Mrs Chatterjee Vs Norway (2023) – My Bedtime Review
12.05.2023
‘They think that their culture is the best because their country is rich. And they think that we have no culture because our country is poor.’ – quote from the film.
I haven’t watched a film in about a year. I made a special point of watching this one. It was the true story that the film is based on which appealed to me. Mrs Chatterjee, an otherwise unknown immigrant, had her children taken away from her by the Norwegian state because she raised them with traditional Indian practices. As a result, she was declared unfit by the racist and xenophobic Western authorities that believed only their ways of bringing up children were right. However, this Indian mother fought against an entire country to get her children back, a fight that would escalate into a publicised political clash between Norway and India and her ultimate victory as it was proved that an Indian mother could be a fit mother. This fight was not just for herself. It was for all the immigrant families affected by the welfare law in Norway. It was a fight for diversity and difference.
What was my particular interest in this film? Firstly, in my family, we worship the fighting mother, Mother Durga, the Mother Queen who fights against sin, or Mother Kali. Mrs Chatterjee is a heroine based on this particularly Indian role for the mother. Secondly, I have watched Western people judging me silently or in words whenever I tell them about my family, upbringing or anything personal (because we are different as Indians). This quasi-legal arrogance – based on privilege bought at the expense of imperialism and neo-imperialism and its wealth – is particularly disgusting and it is what this film criticises and destroys. (Incidentally, Indian people are actually the majority in the world spread out over all countries, not Western people. If you believe in democracy (i.e. the rules of the mass), then we are right, not anyone else). Thirdly, my first published academic article on Indian film showed that the Western Oedipal complex (with its construction of the legal subject) is based on separation from the mother. This separation itself is based on xenophobia and misogyny directed at the Asian or Indian mother, something that the film attacks. Article link here:
So, having said all this, now to the review. Hindi films are the only medium which can make me emotional. This one did the job. However, I will not talk about this. What I will talk about is the idea in this film. Mrs Chatterjee – the immigrant, the poor, Indian woman – someone that has a precarious being in a country hostile to her – is denied a voice by Western law. Time after time in the movie she is told to be silent in the courtroom. Her son, who is taken from her, is also forced into silence by the brutality of the Western law which is supposed to put children’s best interests at heart. He stops talking. In contrast, the Indian law lets everyone speak, even when they have no locus or standing. All perspectives are allowed, all can say what they want to express. We cannot criticise the unjust Western law, the prostitute of power. The Western law can criticise us. This is one difference between the law in the film and the law in the West.

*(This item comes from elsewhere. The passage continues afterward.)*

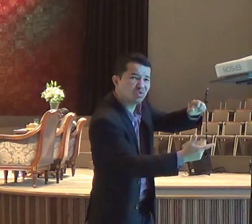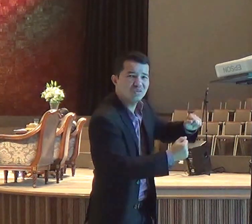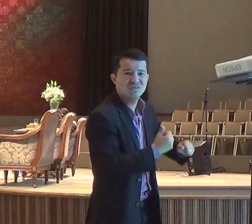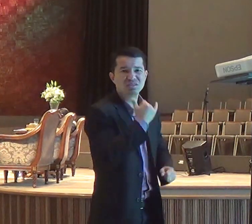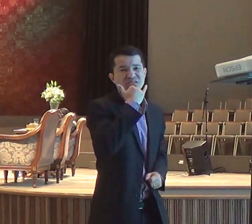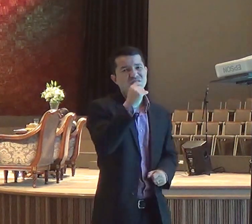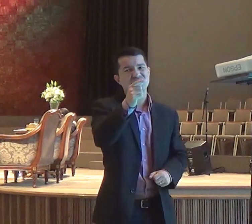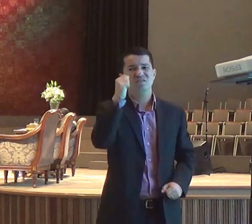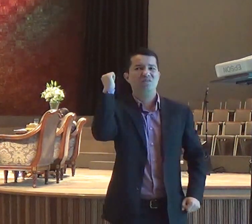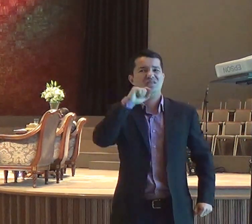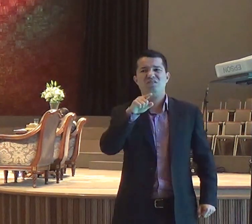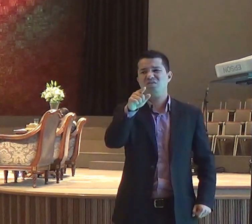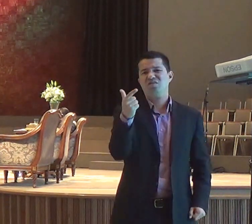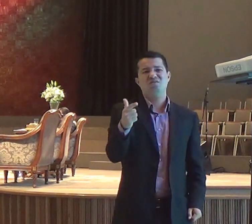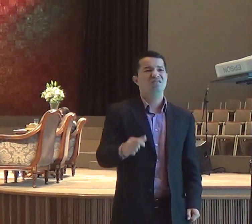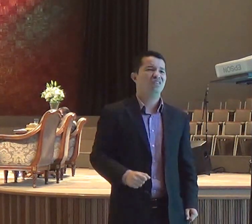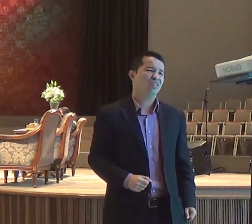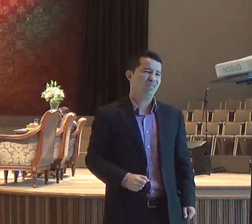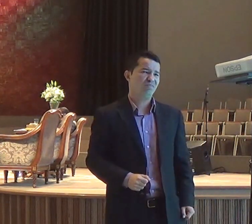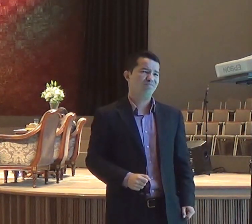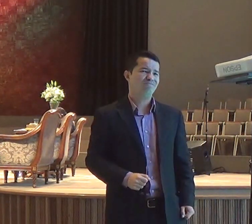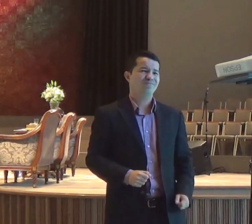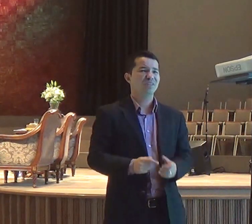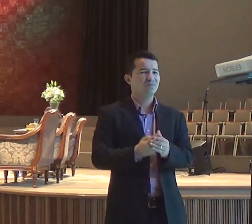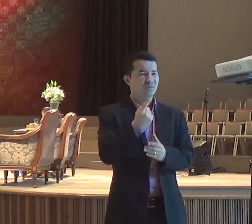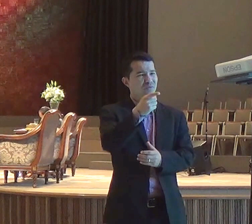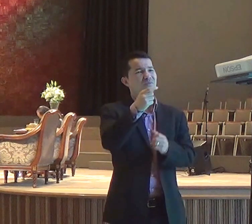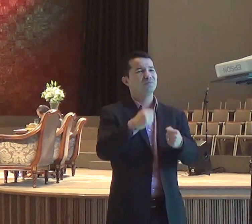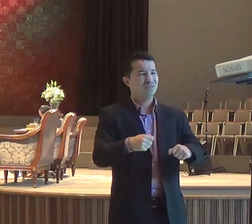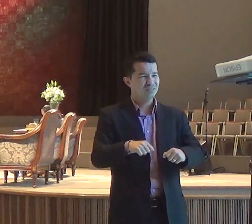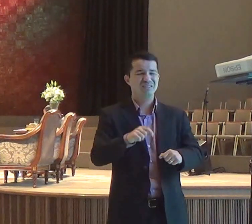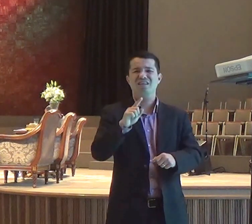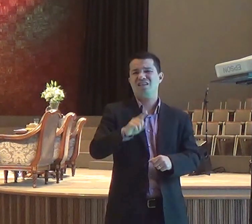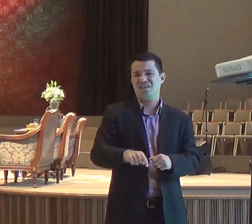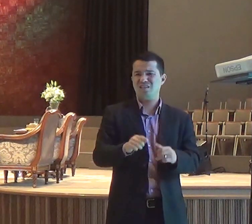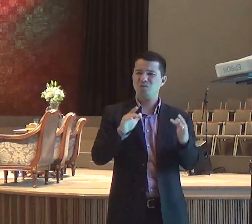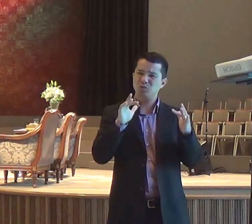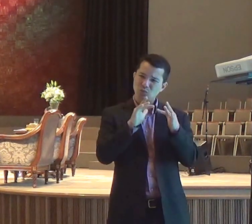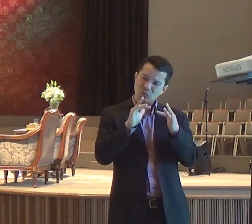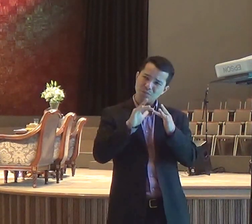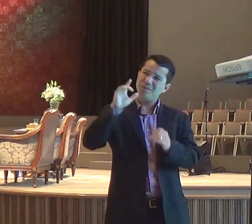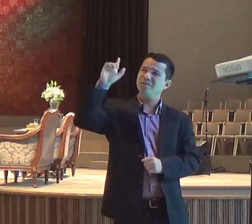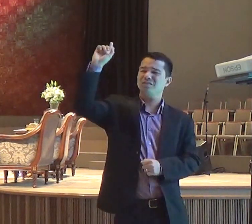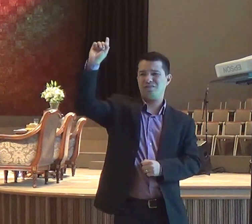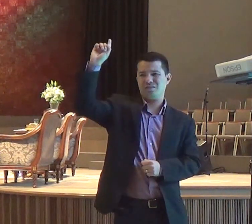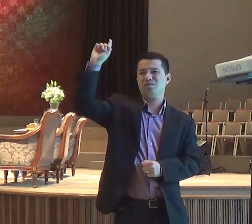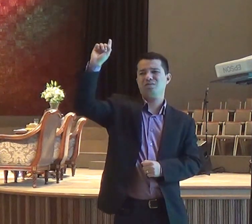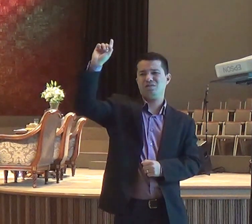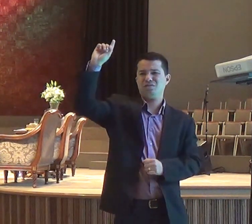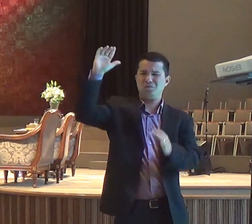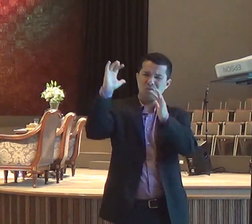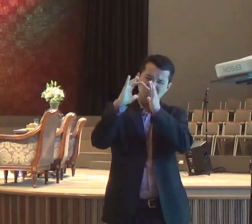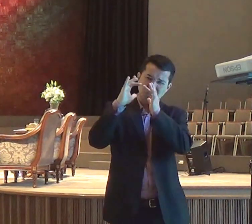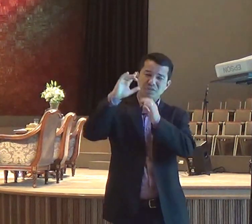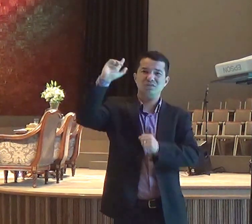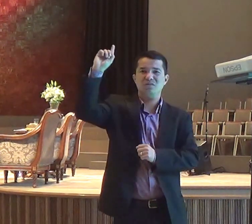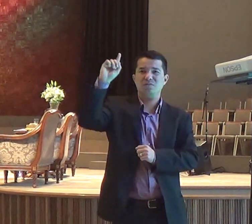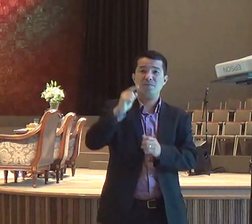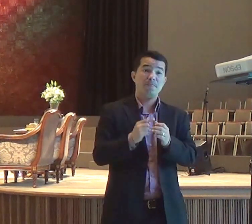vida, a segunda coisa, que a gente tem que fazer, é se afastar, dos profetas de Baal, tem
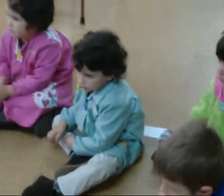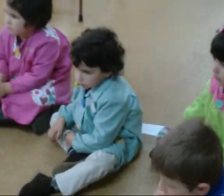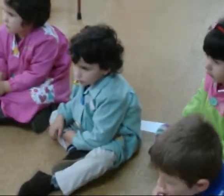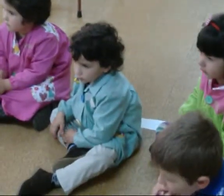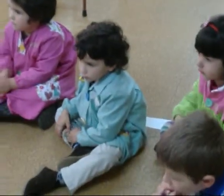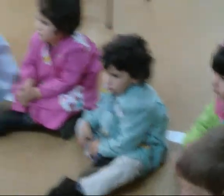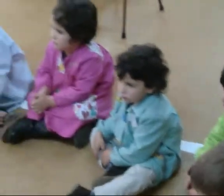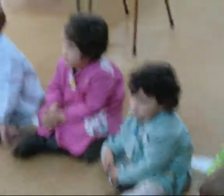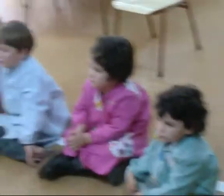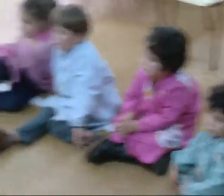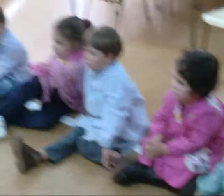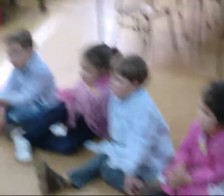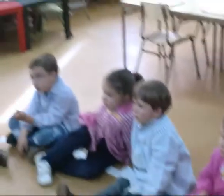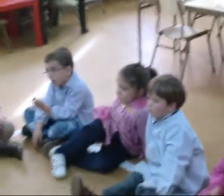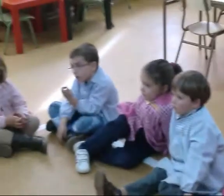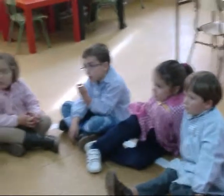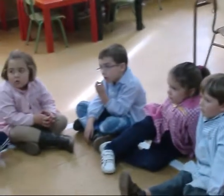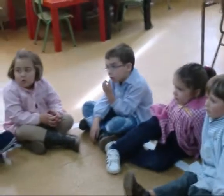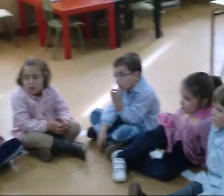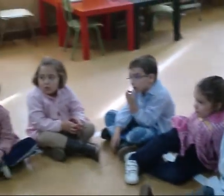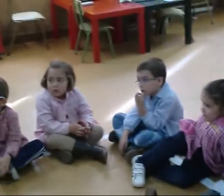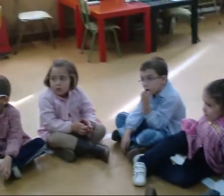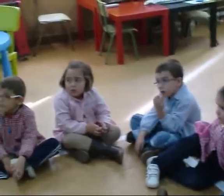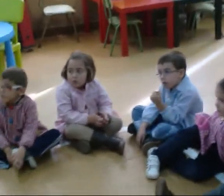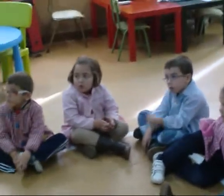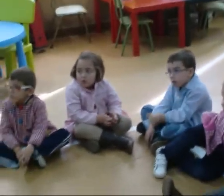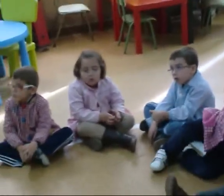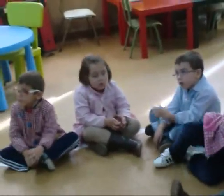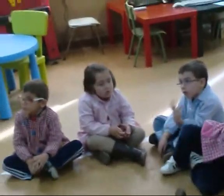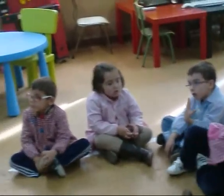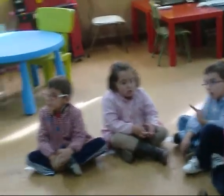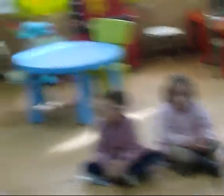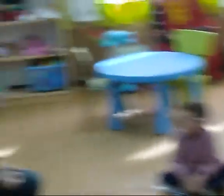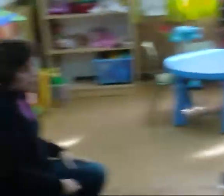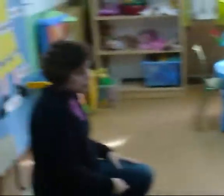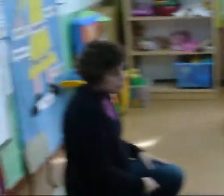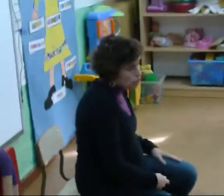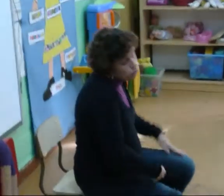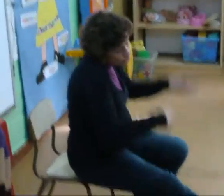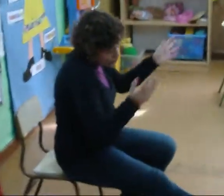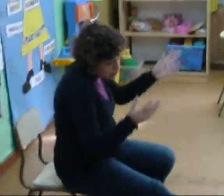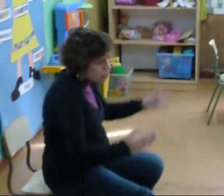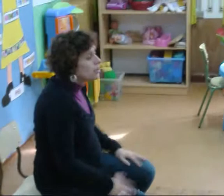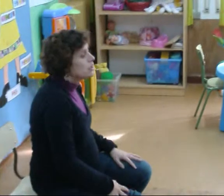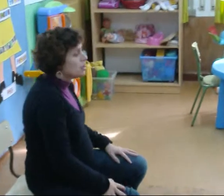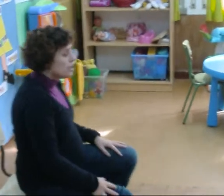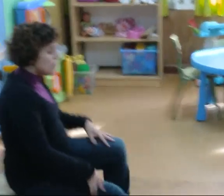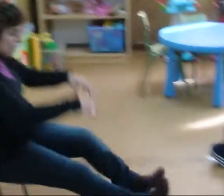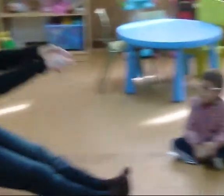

In the film, the father of the children abducted by the Western state only wants his citizenship at any cost. He doesn’t care about his children. He cares about money. This is a representation of the type of immigrant kept in precarity that will do anything at any cost to get money from the rich and powerful state. A state that he will not attack no matter how much it will attack him and his family, children and future. This is a real person who I have met many times. The slave that would not accept his emancipation in India’s Independence.
The film is not just about one woman’s fight. You have never watched the children turn into people that cannot speak their own language, know their own culture. That behave like the state loving fascists that spat on us, didn’t give us work, excluded us, turned us down and kept us down. The state has abducted our children in the state schools and we cannot do anything about it. But Mrs Chatterjee did it. She fought this abduction and she won. She was a poor woman without any resources. She was someone who couldn’t even speak the language. She was powerless but she fought the power. Like the Mother Goddess, she became Shakti (power). She defeated the arrogance of the state – like Gandhi. The one with nothing goes against the one with everything and becomes the greater. It is an Indian story. It is our history and who we are.
Against judgement, we protest justice. Against the state, we protest love. Against separation, we protest the union of mother and son. I am named after it. I am named after the actor that played the son of Mother India in the film and married her in real life (Sunil Dutt and Nargis). This is a film that reminds us that we are Indian (and by that, I personally mean the village, not the state. The people, not the politicians). And we will not accept a Western law which is based on separation from the Indian mother, no matter how much it is fed by wealth, power and the delusion of superiority.